TASK: Only one span of the listing below should come back. It runs from the line with "width=184 height=208 -->" through the line with "width=124 height=268 -->", and each of its lines must be reproduced exactly.

SOURCE DATA:
▽
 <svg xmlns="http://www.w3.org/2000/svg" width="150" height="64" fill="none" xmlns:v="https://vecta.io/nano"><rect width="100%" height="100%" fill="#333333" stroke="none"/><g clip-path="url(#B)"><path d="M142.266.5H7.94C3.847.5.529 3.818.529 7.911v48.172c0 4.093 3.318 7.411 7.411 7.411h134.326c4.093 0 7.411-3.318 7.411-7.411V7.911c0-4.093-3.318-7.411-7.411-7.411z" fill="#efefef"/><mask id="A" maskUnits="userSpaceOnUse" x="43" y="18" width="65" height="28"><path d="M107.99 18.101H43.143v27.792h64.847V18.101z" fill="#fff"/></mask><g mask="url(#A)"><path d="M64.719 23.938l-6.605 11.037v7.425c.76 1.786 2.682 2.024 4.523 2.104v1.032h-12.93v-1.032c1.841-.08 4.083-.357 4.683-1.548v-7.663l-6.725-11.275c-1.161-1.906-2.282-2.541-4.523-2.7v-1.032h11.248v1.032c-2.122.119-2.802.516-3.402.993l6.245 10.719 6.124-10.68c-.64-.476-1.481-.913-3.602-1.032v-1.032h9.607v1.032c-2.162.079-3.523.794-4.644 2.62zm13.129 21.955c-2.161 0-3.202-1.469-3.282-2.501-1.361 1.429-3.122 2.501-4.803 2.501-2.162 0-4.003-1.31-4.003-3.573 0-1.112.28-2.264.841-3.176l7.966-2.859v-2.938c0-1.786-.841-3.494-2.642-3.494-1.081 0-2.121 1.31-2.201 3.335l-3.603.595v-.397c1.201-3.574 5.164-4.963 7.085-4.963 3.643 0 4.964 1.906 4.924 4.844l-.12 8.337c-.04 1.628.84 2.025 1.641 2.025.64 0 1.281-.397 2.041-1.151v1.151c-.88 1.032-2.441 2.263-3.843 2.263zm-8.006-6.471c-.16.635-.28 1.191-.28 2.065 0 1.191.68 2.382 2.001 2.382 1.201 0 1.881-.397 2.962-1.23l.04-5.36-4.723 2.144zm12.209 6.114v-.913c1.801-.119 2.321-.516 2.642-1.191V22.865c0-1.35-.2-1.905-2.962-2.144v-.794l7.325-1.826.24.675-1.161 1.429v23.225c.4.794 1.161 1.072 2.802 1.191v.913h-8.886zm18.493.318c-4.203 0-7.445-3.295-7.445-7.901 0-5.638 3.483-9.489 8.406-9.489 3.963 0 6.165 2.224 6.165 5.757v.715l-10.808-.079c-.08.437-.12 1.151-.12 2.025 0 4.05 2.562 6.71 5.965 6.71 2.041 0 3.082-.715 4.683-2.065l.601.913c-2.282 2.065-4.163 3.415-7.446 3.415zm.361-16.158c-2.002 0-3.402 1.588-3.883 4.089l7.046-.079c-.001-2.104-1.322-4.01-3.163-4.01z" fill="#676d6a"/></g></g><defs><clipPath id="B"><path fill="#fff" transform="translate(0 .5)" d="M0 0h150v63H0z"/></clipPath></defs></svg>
△
▽
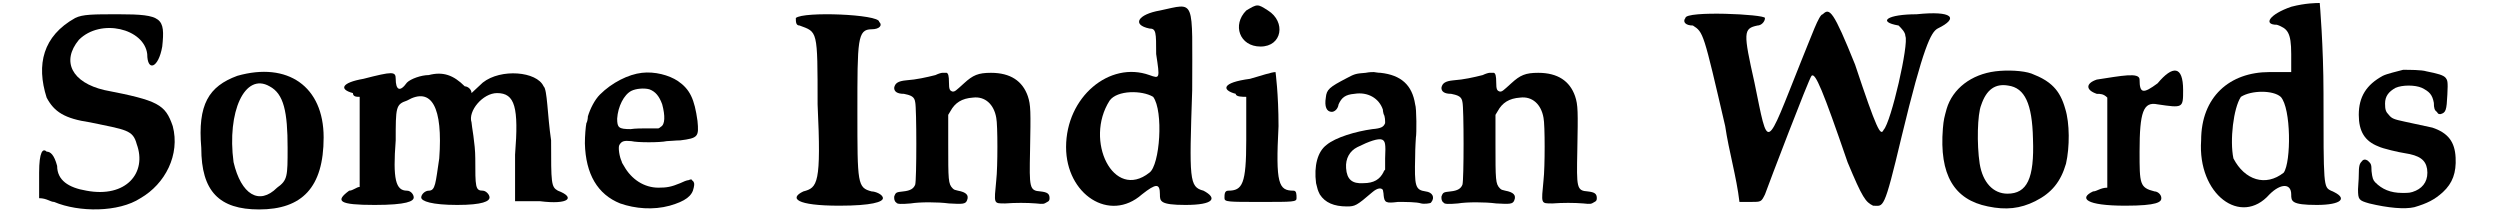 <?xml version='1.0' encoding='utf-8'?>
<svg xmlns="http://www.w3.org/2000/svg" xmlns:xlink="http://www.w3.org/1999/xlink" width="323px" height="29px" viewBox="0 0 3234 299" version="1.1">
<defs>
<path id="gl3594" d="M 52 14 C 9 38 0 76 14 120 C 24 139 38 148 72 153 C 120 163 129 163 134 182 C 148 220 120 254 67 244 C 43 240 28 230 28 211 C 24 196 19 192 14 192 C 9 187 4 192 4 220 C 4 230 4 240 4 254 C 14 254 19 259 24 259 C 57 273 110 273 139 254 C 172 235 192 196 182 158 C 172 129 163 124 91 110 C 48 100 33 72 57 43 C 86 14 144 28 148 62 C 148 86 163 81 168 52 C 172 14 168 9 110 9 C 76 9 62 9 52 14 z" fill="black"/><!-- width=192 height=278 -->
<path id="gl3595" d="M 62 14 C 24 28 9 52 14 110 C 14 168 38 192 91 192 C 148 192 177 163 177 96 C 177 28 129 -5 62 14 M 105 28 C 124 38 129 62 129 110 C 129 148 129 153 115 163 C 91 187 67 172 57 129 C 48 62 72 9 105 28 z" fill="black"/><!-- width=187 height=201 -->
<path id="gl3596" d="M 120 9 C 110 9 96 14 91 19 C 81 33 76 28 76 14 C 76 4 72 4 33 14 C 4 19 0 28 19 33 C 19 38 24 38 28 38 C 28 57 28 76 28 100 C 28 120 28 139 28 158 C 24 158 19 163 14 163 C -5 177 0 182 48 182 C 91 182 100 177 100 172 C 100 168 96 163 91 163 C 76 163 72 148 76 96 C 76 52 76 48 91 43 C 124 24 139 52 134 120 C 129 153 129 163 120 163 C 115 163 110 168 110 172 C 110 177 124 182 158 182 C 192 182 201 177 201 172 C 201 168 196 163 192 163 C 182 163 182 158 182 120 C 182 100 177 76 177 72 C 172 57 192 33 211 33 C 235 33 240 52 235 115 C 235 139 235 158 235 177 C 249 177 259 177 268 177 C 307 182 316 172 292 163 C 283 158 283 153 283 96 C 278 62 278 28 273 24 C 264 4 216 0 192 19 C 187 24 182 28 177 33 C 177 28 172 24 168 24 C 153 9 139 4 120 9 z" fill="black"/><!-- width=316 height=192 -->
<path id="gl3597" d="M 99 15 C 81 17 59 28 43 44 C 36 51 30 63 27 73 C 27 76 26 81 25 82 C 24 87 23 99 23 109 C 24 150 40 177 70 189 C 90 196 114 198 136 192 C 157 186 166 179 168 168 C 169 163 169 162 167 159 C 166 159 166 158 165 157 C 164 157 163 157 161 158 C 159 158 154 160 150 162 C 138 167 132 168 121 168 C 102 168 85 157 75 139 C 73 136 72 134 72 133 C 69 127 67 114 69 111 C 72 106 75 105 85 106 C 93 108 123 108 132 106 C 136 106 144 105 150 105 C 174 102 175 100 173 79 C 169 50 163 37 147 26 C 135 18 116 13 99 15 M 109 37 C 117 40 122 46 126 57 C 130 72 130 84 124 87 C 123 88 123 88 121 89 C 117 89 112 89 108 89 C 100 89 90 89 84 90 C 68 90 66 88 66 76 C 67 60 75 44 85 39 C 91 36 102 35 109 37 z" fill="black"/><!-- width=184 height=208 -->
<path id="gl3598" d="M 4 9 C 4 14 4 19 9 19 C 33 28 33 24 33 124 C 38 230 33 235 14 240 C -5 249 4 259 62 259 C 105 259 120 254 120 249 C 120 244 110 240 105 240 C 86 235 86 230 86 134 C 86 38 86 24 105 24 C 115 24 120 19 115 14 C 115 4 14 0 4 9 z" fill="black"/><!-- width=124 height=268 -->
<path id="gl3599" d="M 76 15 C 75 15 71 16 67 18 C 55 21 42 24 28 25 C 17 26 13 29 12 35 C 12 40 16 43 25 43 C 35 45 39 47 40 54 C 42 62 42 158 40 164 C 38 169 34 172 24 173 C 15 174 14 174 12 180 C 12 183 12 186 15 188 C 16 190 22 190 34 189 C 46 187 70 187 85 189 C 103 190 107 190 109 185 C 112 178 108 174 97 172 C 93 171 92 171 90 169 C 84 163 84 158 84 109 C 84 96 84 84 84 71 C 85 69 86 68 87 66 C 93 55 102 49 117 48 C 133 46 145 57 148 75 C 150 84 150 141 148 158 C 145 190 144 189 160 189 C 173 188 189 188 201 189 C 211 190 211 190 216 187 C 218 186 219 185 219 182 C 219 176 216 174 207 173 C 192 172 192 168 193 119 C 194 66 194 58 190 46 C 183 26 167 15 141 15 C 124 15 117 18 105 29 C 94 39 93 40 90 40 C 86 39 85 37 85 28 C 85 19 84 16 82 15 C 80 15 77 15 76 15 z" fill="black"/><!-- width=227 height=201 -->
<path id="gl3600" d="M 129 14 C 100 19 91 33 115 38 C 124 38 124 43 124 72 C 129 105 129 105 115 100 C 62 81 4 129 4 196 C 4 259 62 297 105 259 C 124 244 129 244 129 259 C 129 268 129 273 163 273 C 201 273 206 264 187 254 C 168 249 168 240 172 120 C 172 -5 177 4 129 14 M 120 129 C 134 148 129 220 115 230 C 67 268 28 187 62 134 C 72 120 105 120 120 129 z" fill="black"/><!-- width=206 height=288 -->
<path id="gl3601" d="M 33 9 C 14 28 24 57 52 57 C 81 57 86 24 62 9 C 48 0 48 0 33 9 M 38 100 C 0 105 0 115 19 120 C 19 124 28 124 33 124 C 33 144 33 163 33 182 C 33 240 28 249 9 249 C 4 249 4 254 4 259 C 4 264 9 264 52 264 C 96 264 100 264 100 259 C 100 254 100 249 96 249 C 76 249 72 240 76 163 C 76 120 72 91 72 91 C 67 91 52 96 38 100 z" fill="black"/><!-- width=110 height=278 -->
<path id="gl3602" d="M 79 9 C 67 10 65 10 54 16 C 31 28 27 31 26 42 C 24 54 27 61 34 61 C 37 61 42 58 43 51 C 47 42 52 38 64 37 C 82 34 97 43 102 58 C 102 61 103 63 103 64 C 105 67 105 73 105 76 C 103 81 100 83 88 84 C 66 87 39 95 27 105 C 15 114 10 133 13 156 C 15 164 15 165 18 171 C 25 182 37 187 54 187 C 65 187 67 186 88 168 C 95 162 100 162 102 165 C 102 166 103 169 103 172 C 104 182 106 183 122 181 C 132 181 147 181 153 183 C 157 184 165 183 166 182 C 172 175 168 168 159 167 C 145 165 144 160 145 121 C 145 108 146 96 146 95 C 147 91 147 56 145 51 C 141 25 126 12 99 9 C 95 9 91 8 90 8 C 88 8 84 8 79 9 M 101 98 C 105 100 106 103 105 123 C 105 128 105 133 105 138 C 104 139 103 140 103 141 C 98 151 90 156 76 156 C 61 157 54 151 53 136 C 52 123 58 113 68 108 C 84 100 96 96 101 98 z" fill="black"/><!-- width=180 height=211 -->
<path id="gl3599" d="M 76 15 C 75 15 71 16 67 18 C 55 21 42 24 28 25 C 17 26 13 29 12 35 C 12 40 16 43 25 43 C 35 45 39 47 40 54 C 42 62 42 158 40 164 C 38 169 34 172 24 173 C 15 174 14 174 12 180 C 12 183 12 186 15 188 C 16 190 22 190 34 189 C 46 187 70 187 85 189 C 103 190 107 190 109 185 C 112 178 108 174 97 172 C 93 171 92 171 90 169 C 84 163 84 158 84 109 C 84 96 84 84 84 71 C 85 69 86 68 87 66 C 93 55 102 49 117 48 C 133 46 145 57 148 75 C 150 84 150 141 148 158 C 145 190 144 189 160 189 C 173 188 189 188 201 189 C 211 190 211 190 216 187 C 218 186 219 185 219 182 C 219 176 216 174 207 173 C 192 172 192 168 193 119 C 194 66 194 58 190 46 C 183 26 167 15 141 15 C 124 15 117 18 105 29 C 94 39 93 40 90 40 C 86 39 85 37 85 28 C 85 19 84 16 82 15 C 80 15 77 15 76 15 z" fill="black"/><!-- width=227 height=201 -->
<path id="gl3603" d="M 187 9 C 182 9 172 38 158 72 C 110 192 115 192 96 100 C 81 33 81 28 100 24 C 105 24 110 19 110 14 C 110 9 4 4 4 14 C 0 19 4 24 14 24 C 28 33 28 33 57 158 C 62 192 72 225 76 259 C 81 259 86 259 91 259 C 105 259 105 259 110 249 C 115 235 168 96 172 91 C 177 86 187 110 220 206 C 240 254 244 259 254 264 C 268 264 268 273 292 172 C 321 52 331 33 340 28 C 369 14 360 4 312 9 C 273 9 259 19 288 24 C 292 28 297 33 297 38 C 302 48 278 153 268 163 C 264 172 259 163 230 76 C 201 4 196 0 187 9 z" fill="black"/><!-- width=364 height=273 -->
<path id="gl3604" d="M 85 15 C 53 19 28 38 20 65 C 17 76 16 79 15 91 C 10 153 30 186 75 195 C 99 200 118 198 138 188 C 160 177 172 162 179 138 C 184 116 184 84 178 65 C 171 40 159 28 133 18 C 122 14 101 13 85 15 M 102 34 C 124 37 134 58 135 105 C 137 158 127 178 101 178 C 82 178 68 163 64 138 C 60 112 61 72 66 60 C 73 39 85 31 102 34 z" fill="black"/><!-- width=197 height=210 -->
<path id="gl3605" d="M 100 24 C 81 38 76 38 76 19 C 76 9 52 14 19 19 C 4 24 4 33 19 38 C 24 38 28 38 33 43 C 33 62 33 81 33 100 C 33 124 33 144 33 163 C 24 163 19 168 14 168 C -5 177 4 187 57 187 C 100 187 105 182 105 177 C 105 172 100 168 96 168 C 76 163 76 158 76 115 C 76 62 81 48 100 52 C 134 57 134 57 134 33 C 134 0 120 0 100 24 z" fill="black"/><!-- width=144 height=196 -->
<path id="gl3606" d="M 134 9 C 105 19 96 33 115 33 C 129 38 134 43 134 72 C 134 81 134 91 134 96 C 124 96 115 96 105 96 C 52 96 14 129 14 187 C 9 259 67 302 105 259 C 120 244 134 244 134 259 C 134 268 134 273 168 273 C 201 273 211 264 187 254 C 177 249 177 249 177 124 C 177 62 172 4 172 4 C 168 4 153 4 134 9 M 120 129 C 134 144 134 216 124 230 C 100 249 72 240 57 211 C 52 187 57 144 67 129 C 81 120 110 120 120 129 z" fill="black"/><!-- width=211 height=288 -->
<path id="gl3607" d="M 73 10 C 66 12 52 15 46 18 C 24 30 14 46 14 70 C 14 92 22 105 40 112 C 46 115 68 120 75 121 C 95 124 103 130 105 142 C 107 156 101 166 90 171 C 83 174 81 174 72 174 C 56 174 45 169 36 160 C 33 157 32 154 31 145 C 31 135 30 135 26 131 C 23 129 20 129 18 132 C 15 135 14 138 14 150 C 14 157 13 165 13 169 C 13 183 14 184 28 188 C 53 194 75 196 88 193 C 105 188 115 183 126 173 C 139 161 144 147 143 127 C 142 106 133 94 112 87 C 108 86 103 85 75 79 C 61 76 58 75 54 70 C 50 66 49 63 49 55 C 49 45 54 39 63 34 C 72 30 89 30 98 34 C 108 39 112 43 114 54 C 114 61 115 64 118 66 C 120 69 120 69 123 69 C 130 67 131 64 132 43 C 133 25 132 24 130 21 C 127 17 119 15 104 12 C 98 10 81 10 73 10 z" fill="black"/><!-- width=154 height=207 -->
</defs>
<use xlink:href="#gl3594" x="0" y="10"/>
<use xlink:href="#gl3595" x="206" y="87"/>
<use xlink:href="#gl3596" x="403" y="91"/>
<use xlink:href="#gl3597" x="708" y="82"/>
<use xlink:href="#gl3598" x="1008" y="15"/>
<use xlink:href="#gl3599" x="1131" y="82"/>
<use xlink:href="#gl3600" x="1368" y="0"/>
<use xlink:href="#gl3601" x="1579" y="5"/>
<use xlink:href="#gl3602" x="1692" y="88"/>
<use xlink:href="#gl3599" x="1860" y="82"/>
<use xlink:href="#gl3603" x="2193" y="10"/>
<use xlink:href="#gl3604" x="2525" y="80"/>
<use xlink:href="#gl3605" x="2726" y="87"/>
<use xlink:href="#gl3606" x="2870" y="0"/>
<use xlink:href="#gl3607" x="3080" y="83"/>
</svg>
△
WRITTEN RESPONSE:
<path id="gl3597" d="M 99 15 C 81 17 59 28 43 44 C 36 51 30 63 27 73 C 27 76 26 81 25 82 C 24 87 23 99 23 109 C 24 150 40 177 70 189 C 90 196 114 198 136 192 C 157 186 166 179 168 168 C 169 163 169 162 167 159 C 166 159 166 158 165 157 C 164 157 163 157 161 158 C 159 158 154 160 150 162 C 138 167 132 168 121 168 C 102 168 85 157 75 139 C 73 136 72 134 72 133 C 69 127 67 114 69 111 C 72 106 75 105 85 106 C 93 108 123 108 132 106 C 136 106 144 105 150 105 C 174 102 175 100 173 79 C 169 50 163 37 147 26 C 135 18 116 13 99 15 M 109 37 C 117 40 122 46 126 57 C 130 72 130 84 124 87 C 123 88 123 88 121 89 C 117 89 112 89 108 89 C 100 89 90 89 84 90 C 68 90 66 88 66 76 C 67 60 75 44 85 39 C 91 36 102 35 109 37 z" fill="black"/><!-- width=184 height=208 -->
<path id="gl3598" d="M 4 9 C 4 14 4 19 9 19 C 33 28 33 24 33 124 C 38 230 33 235 14 240 C -5 249 4 259 62 259 C 105 259 120 254 120 249 C 120 244 110 240 105 240 C 86 235 86 230 86 134 C 86 38 86 24 105 24 C 115 24 120 19 115 14 C 115 4 14 0 4 9 z" fill="black"/><!-- width=124 height=268 -->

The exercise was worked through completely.